Exon - coding sections of DNA

Introns - non-coding sections of DNA

karyotyping

Cells are cultured to induce metaphase and images taken whilst in this state.

Allows for visual assessment of the number and appearance of the chromosomes. Typically, 20 metaphases are assessed to form a report.

Good for detecting chromosomal imbalances - deletion, monosomy, duplication, trisomy, translocation

Fluorescent In Situ Hybridisation (FISH)

Cells are cultured to induce metaphase and fluorescent markers added which bind to a pre-determined gene / gene locus.

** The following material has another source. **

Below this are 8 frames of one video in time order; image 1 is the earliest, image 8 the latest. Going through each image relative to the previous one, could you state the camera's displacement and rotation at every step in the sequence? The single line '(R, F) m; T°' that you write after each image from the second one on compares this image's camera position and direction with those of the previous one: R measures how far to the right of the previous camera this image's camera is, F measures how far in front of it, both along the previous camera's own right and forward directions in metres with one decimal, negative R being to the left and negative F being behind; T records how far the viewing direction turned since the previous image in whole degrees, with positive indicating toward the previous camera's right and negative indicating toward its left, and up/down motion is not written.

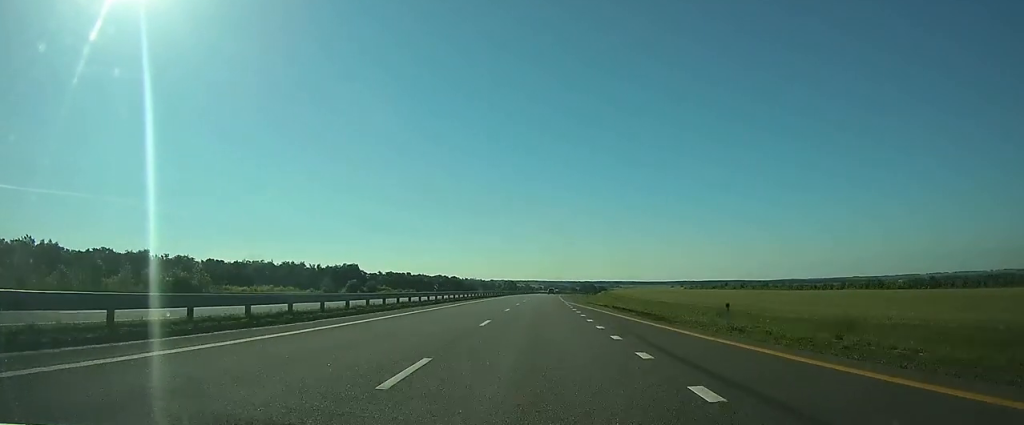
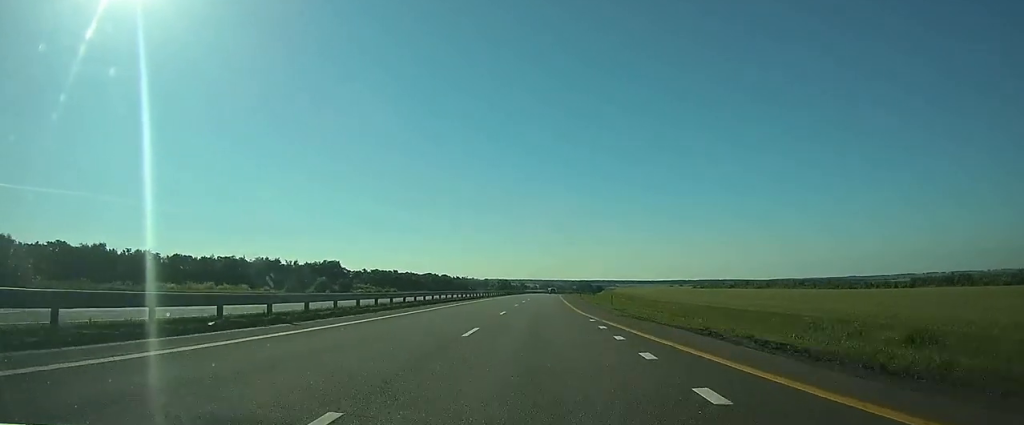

Samples are then examined under fluorescent light. Typically, 20 metaphases are assessed to form a report.

Good to identify specific chromosomal abnormalities, some with short turnaround times. E.g. PML-RARA / t(15;17) to confirm diagnosis of APML

Can also be used to assess small ‘panels’ of recurrent abnormalities of prognostic significance, e.g. at diagnosis in myeloma.

Sanger Sequencing

Original method for determining the nucleotide sequence of DNA. Still in active use.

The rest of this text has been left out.